▶ _Assignment_: Reproduce the listing exactly, with no pictures in your copy.

+++

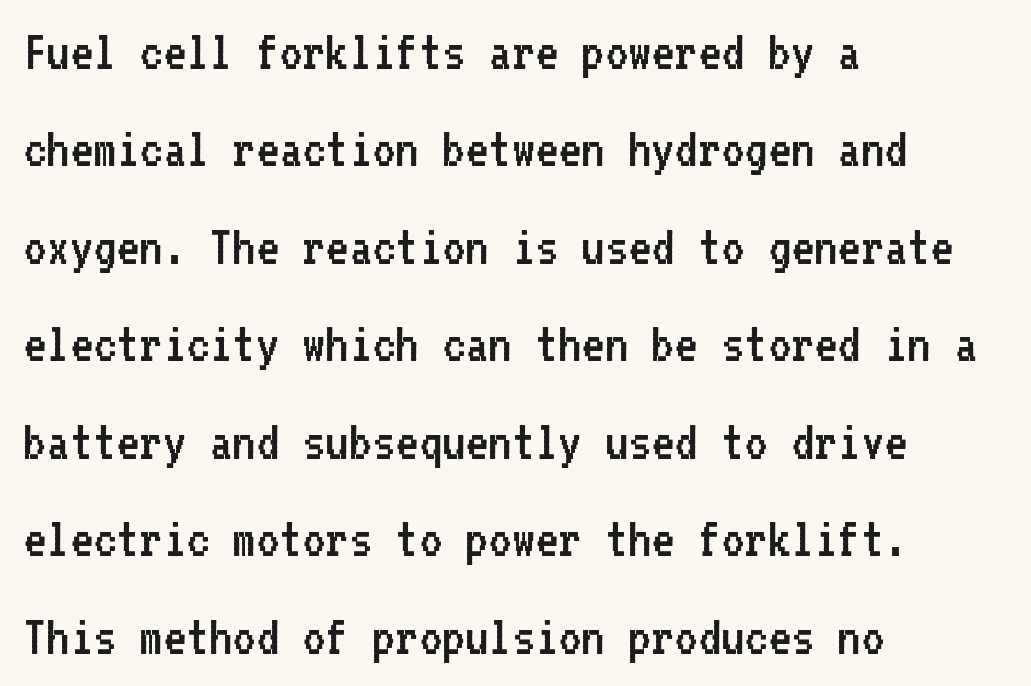
{"serif": "no", "italic": "no", "bold": "no", "weight": "regular", "width": "normal", "stroke_contrast": "low", "x_height": "medium", "monospaced": "yes", "underline": "no", "align": "left", "line_spacing_ratio": 1.74, "letter_spacing": "normal", "letter_spacing_em": 0.0, "glyph_px": 56}
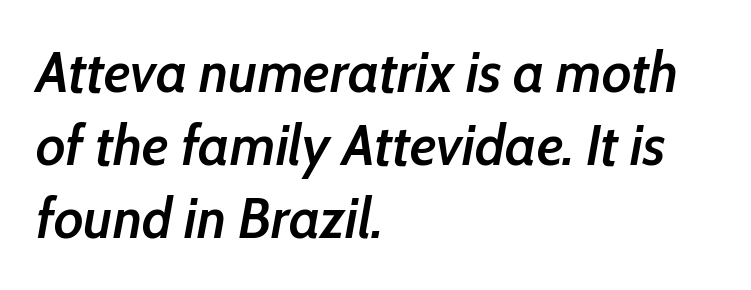
{"italic": "yes", "lean": "right", "slant_degrees": 10, "bold": "semi", "weight": "semibold", "width": "condensed", "stroke_contrast": "low", "x_height": "medium", "monospaced": "no", "underline": "no", "align": "left", "line_spacing": "normal", "line_spacing_ratio": 1.26, "letter_spacing": "normal", "letter_spacing_em": 0.0, "glyph_px": 58}
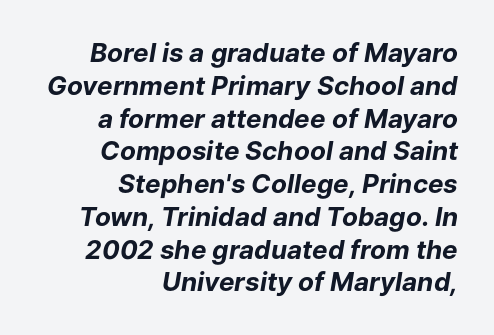
The image shows 26 px bold type, italic (leaning right); set right-aligned, normal line spacing (1.26x), normal letter spacing, not underlined.
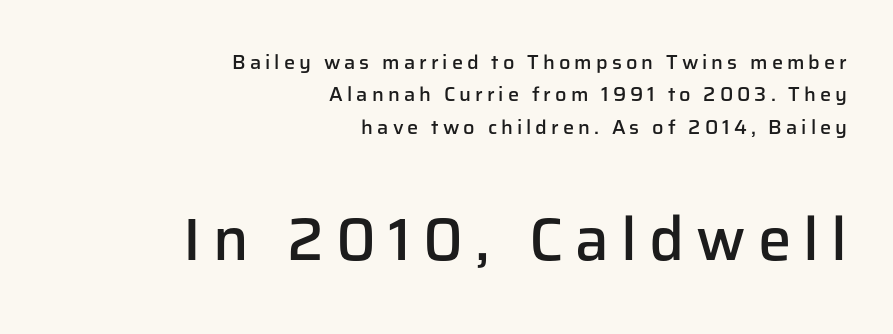
The image shows 60 px semibold sans-serif type, upright; set right-aligned, normal line spacing (1.62x), unusually wide letter spacing (+0.2 em), not underlined; the second (bottom) block is 3.0x larger; low stroke contrast and a medium x-height.
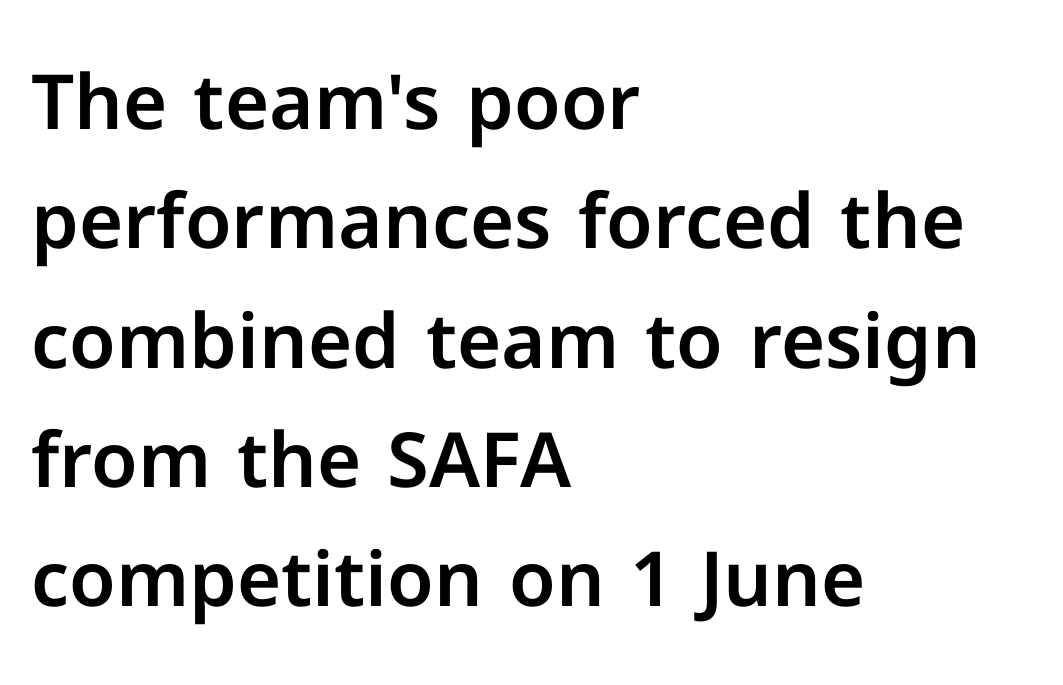
Q: Is the text italic (slanted)? A: No, it is upright.
Q: Is the typeface a serif or a sans-serif typeface? A: Sans-serif.
Q: Is the text underlined? A: No.
Q: How is the paragraph aligned? A: Left-aligned.
Q: Is the spacing between letters normal or unusually wide? A: Normal.
Q: Is the spacing between lines tight, normal or loose? A: Normal.
Q: Width (condensed, normal, or wide)? A: Normal.
Q: Stroke contrast? A: Low.
Q: x-height? A: Medium.
Q: Monospaced? A: No.
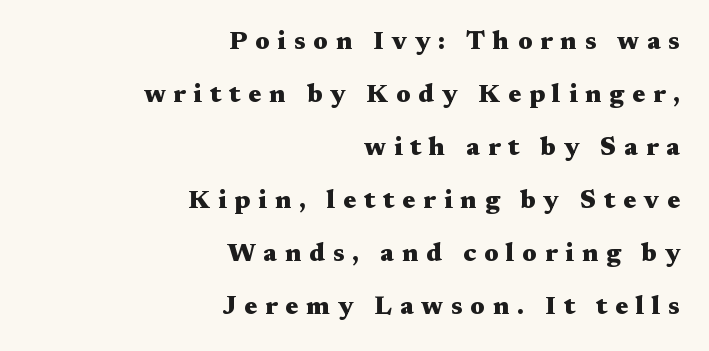
The space directly below the letters is spotless. How are the letters spaced? Widely, with obvious added tracking. Which margin do the lines hug? The right one — the left edge is uneven. Look at the stroke-to-counter ratio: heavy, a bold. Is there much room between lines? Yes — plenty of vertical air separates them. Italic: no, the glyphs are upright roman.
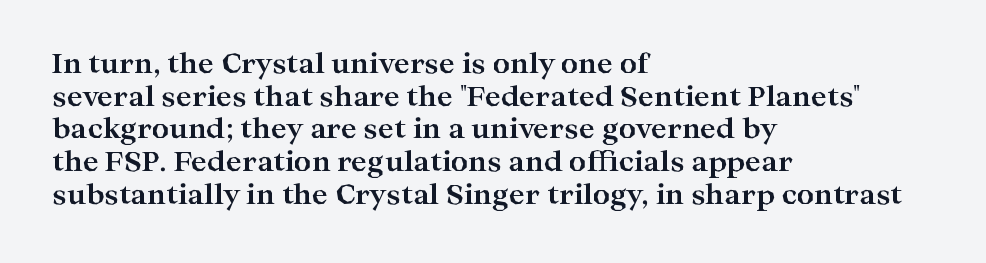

+++

▶ _Solution below_:
{"serif": "no", "italic": "no", "bold": "no", "weight": "regular", "width": "normal", "stroke_contrast": "low", "x_height": "medium", "monospaced": "yes", "underline": "no", "align": "left", "line_spacing_ratio": 1.74, "letter_spacing": "normal", "letter_spacing_em": 0.0, "glyph_px": 56}
{"italic": "yes", "lean": "right", "slant_degrees": 10, "bold": "semi", "weight": "semibold", "width": "condensed", "stroke_contrast": "low", "x_height": "medium", "monospaced": "no", "underline": "no", "align": "left", "line_spacing": "normal", "line_spacing_ratio": 1.26, "letter_spacing": "normal", "letter_spacing_em": 0.0, "glyph_px": 58}
The image shows 26 px bold type, italic (leaning right); set right-aligned, normal line spacing (1.26x), normal letter spacing, not underlined.
The image shows 60 px semibold sans-serif type, upright; set right-aligned, normal line spacing (1.62x), unusually wide letter spacing (+0.2 em), not underlined; the second (bottom) block is 3.0x larger; low stroke contrast and a medium x-height.
Q: Is the text italic (slanted)? A: No, it is upright.
Q: Is the typeface a serif or a sans-serif typeface? A: Sans-serif.
Q: Is the text underlined? A: No.
Q: How is the paragraph aligned? A: Left-aligned.
Q: Is the spacing between letters normal or unusually wide? A: Normal.
Q: Is the spacing between lines tight, normal or loose? A: Normal.
Q: Width (condensed, normal, or wide)? A: Normal.
Q: Stroke contrast? A: Low.
Q: x-height? A: Medium.
Q: Monospaced? A: No.
The space directly below the letters is spotless. How are the letters spaced? Widely, with obvious added tracking. Which margin do the lines hug? The right one — the left edge is uneven. Look at the stroke-to-counter ratio: heavy, a bold. Is there much room between lines? Yes — plenty of vertical air separates them. Italic: no, the glyphs are upright roman.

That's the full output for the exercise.